In 1959, when the local government system was introduced in an area called Marshall Lagoon District, Central Province, Papua New Guinea, it was decided to improve village water wells as the traditional water wells were accessible to other animals, in the main bandicoots, snakes and rats. The Marshall Lagoon Council provided large concrete pipes and sank them in the ground as protected wells for 10 villages at the Aroma Coast. My small village, consisting then of about 6 families with some 40 people, at first welcomed this improvement initiative. The well was located on the Village Councillor's land. Previously the two traditional wells were located on our land, and the wells were used and maintained by the families. The Councillor shut our wells down and insisted that we use the Council's well. So our wells were buried.

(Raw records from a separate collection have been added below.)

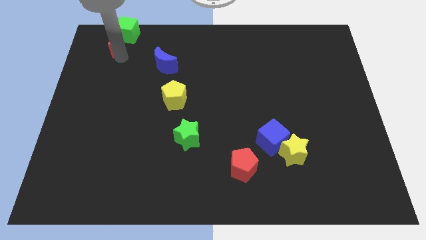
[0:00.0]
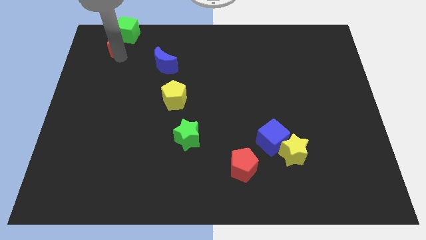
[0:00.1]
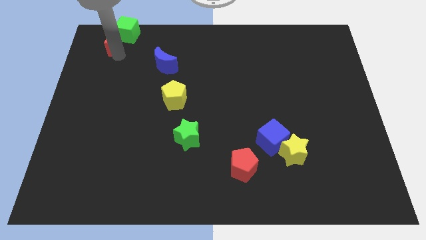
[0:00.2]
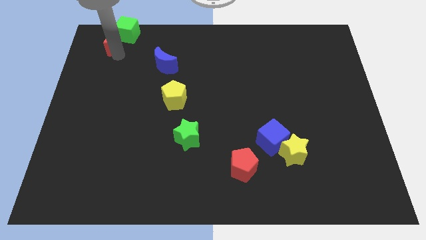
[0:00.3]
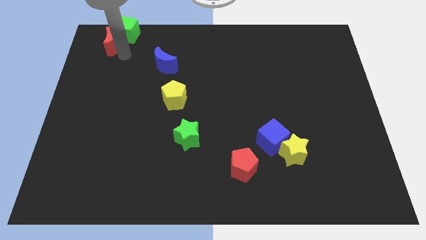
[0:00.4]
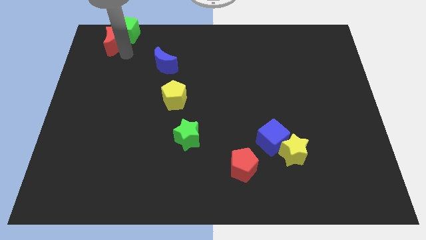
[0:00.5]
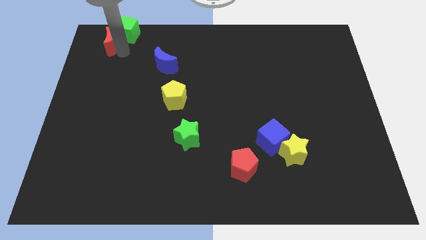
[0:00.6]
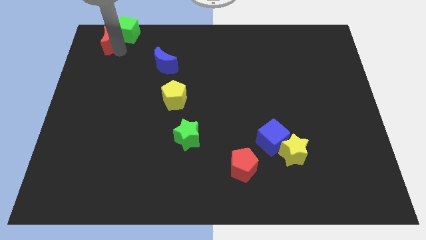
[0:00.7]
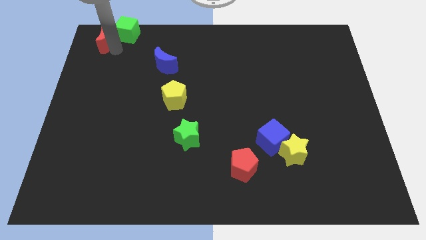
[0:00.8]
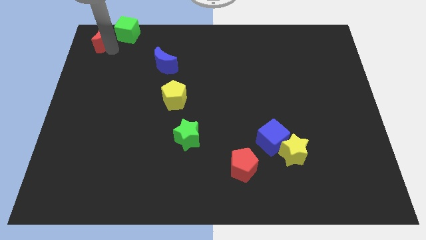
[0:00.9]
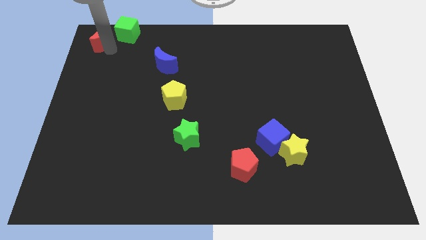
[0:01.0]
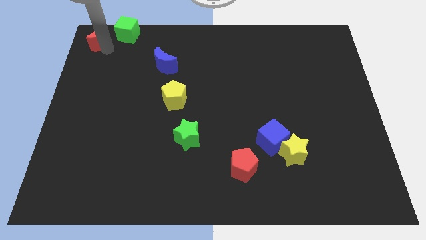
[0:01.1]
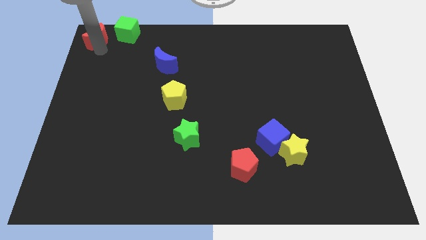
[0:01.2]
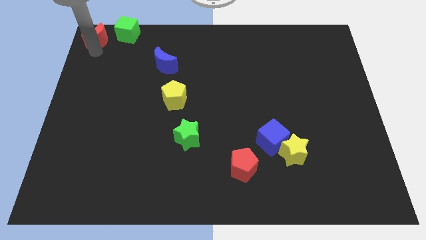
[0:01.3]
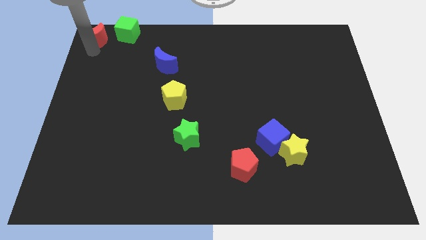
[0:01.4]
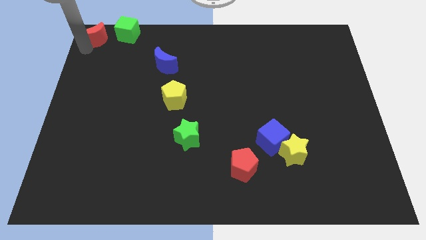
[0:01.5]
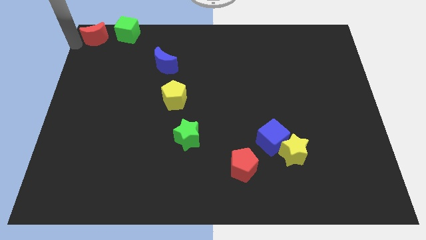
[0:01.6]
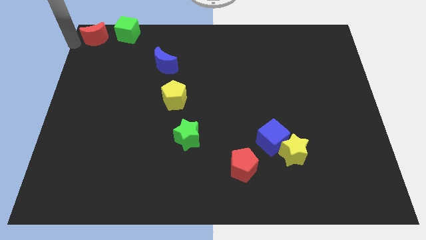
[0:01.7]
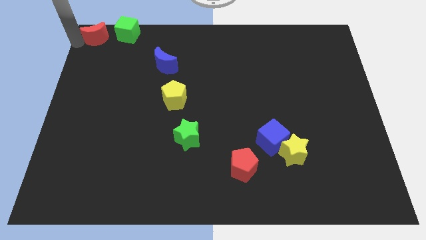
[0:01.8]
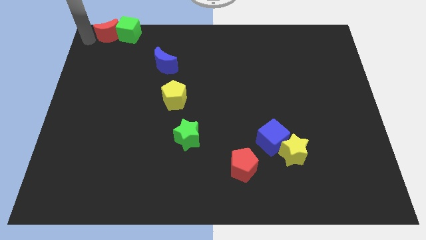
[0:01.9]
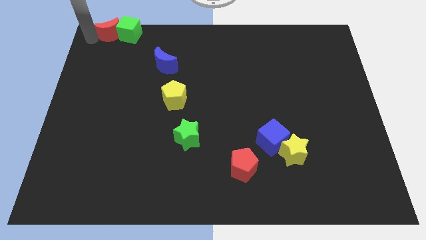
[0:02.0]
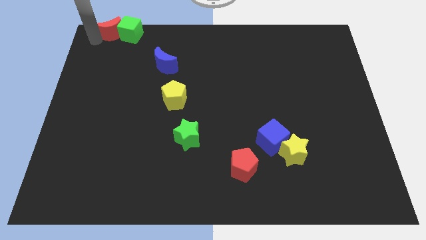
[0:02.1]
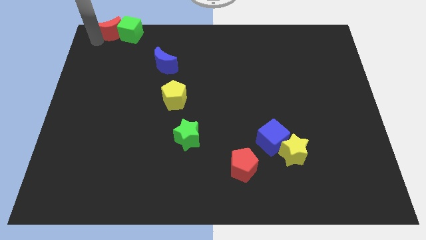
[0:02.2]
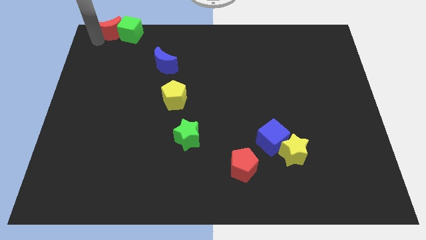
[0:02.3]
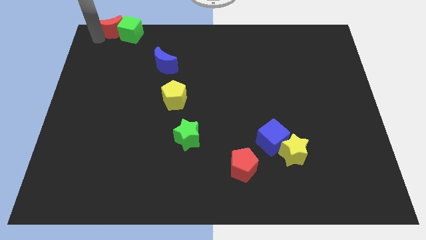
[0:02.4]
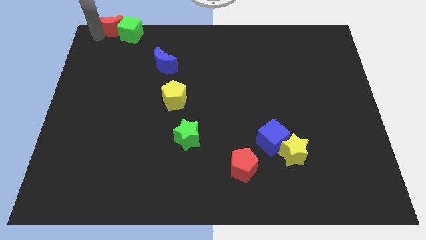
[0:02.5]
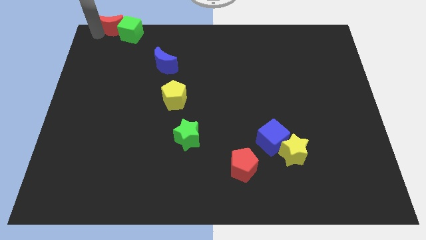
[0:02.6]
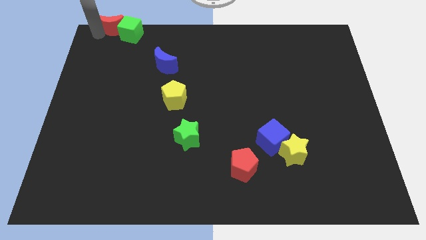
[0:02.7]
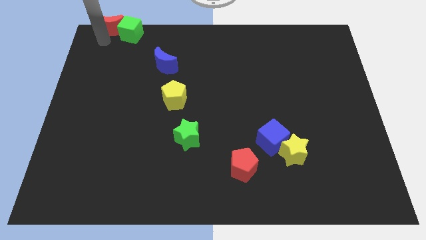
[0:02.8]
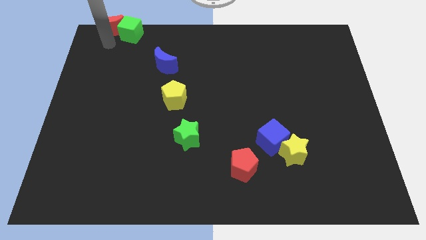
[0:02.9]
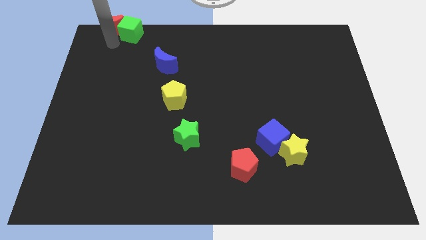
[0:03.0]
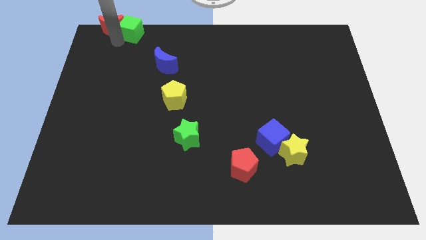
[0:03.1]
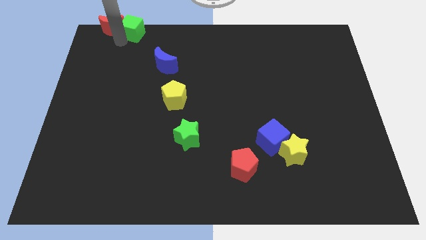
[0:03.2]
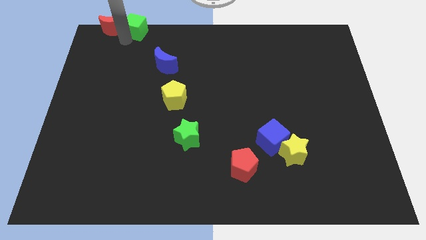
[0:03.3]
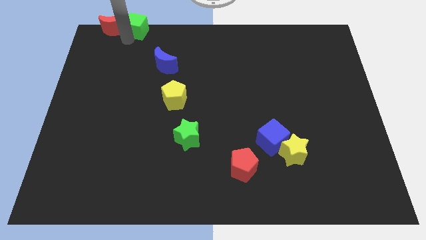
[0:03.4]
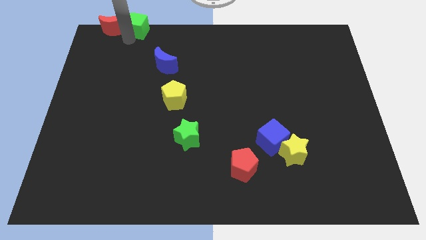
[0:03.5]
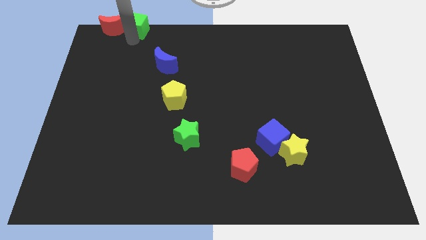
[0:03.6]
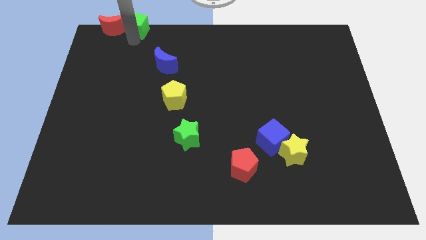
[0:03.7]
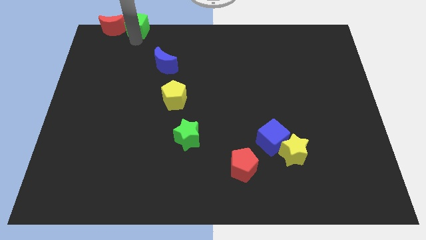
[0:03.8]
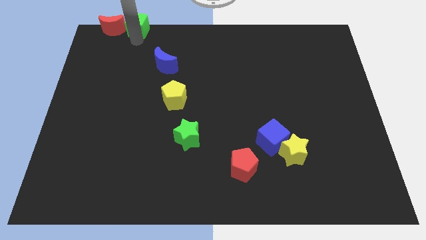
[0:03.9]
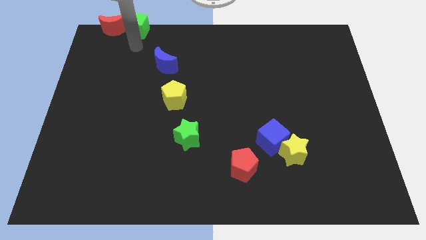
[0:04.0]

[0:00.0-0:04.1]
place the red crescent on the top left of the board

The Councillor was a Seventh Day Adventist. So he introduced a rule that the village could not use the Council's water well on his family's Sabbath (from 6.00 pm on Friday until 6.00 pm Saturday). The well was kept locked during this time. Since our wells had been buried, we had to go to the next village, about a mile away, to fetch water (women and children carried buckets of water on foot) during those times.

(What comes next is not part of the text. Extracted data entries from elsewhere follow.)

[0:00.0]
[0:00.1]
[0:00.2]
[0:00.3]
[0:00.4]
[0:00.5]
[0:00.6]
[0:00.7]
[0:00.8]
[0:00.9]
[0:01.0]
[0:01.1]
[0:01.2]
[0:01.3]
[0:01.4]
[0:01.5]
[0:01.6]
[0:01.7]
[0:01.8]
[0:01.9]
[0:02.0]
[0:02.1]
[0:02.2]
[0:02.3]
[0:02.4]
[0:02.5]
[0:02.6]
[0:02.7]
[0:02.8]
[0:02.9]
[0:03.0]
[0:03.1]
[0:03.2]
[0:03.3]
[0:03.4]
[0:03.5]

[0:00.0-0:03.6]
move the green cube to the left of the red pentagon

The other families of the village called a meeting regarding this issue, but when their concerns were put to the Councillor, they fell on deaf ears. When the matter was sent to Kupiano, Marshall Lagoon, the Headquarters of the District, the plea was also ignored.

The five families decided to construct their own wells. Fulfilling the Council's requirements to construct modern wells, they used similar materials (concrete pipes) and re-opened the buried wells. They received threats from the Councillor for disturbing the public peace...dividing the families. The villagers took their case to the District Headquarters at Kupiano and Port Moresby. They were granted the right to keep their wells. The management of the wells remains in the hands of the 5 families, as it had been before. The village has since grown to over 120 people most of whom live away from the village, but from time to time they return home. To this day, they still have the two original wells. All the decisions and the management of the wells are vested in the village and the village system of government. The wells are theirs... this is the bottom line. More than that, they have assisted each other in the construction of rain catchment tanks for drinking water. No amount of political interference from outside, nor an offer of donor money to change their village system, would be accepted unless they could see themselves as principal stakeholders of the wells.

Now, returning to Sibylle Riedmiller's article, there are three basic issues:

1. Ownership and control. In a simple village, as that described above, ownership and control must be in the hands of the users. In a larger, and more complex, centrally provided water system, whether publicly or privately owned and controlled, a 'user pays policy'is necessary. One pays for what one uses, consumes or wastes. Whatever the ownership structure, water should be available and affordable to all people.

2. Public accountability. Whether publicly or privately owned, the availability and safety of water is in everyone's interest. In the case of the small village described above, neither the Councillor nor the Council System were publicly accountable until the small people decided that they had enough.

3. Internalizing development locally. There is an important, indirect note in Sibylle Riedmiller's contribution concerning modern governments, NGO's and aid agencies. They must ensure that they take into account the existing social, cultural and political infrastructures in third world countries when designing projects to bring about development or change in the lives of people. Unless development is internalized locally, the moment the developer or change agent leaves, the project usually lapses...we have read and seen many cases where this has happened and should strive not to repeat the same.

Overall I appreciated the article from Sibylle Riedmiller very much, and hope that those who wish to help the third world people develop, do not, in the process of facilitating development, help themselves as beneficiaries.

Mali Voi. UNESCO Cultural Adviser for the Pacific.